▶ [EXERCISE AIM] Exclude the pictures, then copy all remaining records exactly.

-- INPUT RECORDS follows --

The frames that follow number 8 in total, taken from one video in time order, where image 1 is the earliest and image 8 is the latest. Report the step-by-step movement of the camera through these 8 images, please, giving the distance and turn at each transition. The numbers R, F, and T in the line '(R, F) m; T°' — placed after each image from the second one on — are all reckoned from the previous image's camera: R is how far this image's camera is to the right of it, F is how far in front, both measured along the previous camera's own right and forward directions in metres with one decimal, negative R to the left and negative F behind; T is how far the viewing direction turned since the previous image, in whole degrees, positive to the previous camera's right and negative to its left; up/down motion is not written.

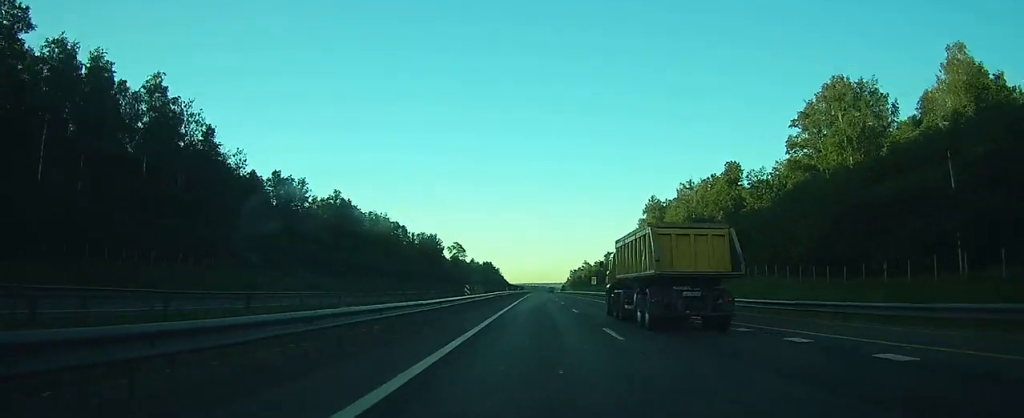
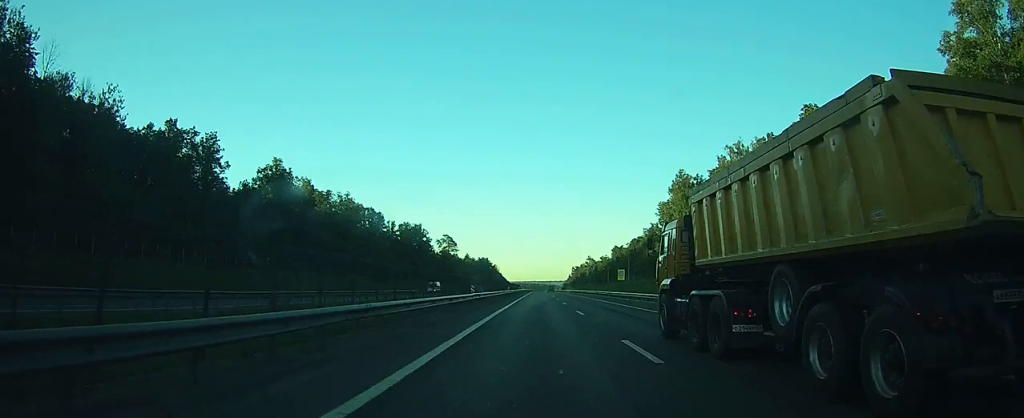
(+0.1, +36.9) m; 0°
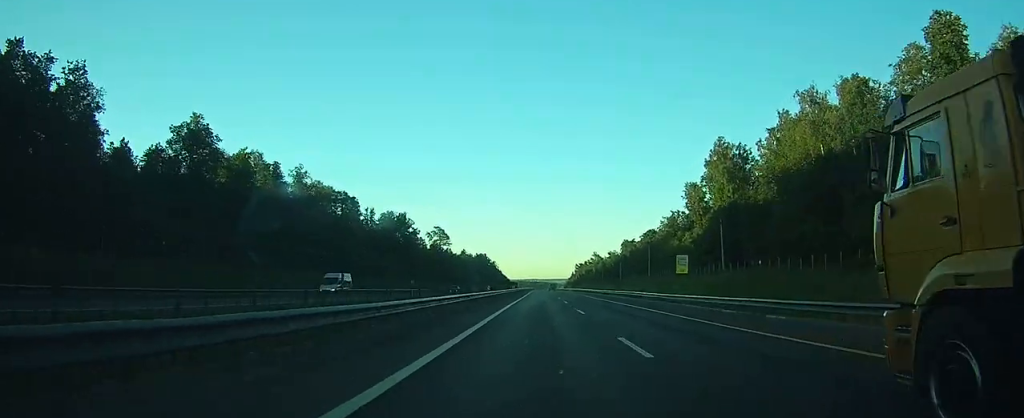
(+0.1, +31.4) m; 0°
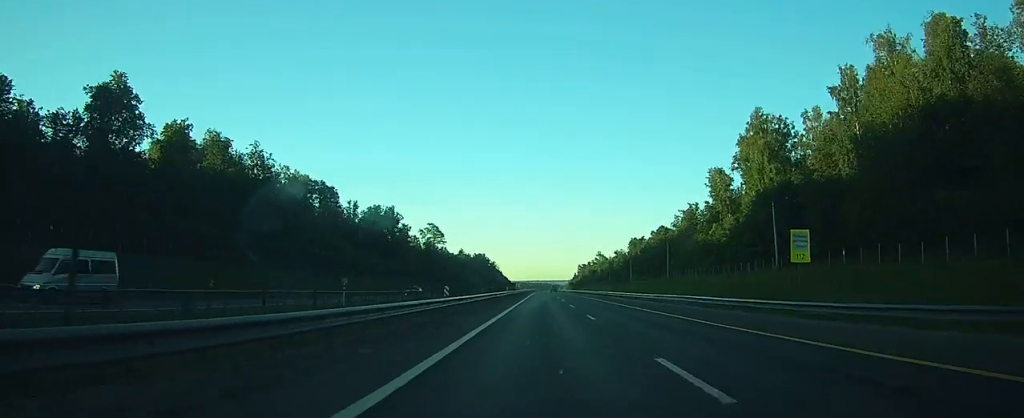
(0.0, +20.2) m; 0°
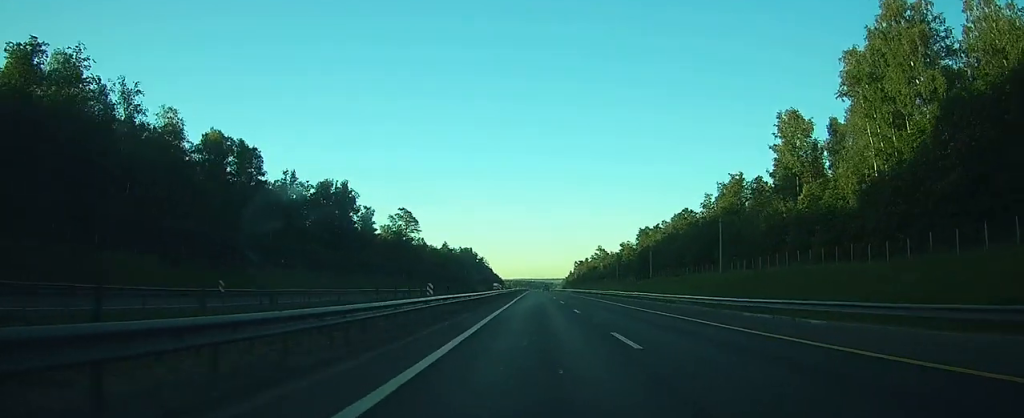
(0.0, +42.8) m; 0°
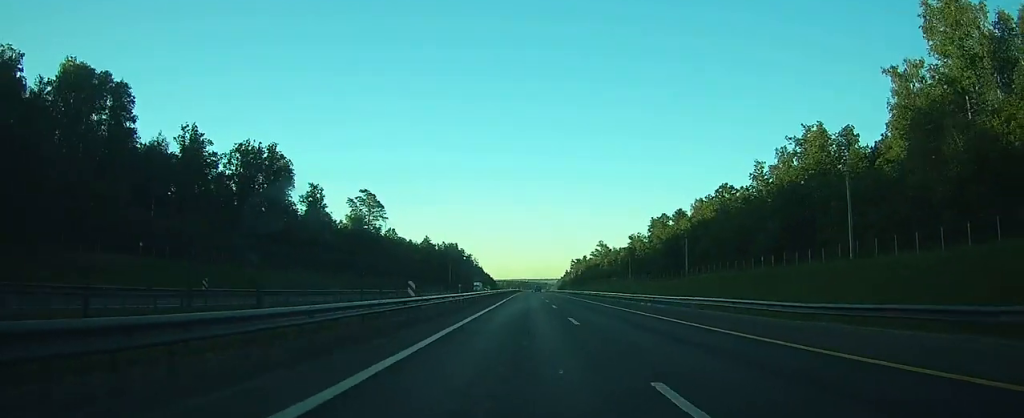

-- INPUT RECORDS concluded --

▶ [ANSWER TO THE PROBLEM]
The frames that follow number 8 in total, taken from one video in time order, where image 1 is the earliest and image 8 is the latest. Report the step-by-step movement of the camera through these 8 images, please, giving the distance and turn at each transition. The numbers R, F, and T in the line '(R, F) m; T°' — placed after each image from the second one on — are all reckoned from the previous image's camera: R is how far this image's camera is to the right of it, F is how far in front, both measured along the previous camera's own right and forward directions in metres with one decimal, negative R to the left and negative F behind; T is how far the viewing direction turned since the previous image, in whole degrees, positive to the previous camera's right and negative to its left; up/down motion is not written.

(+0.1, +36.9) m; 0°
(+0.1, +31.4) m; 0°
(0.0, +20.2) m; 0°
(0.0, +42.8) m; 0°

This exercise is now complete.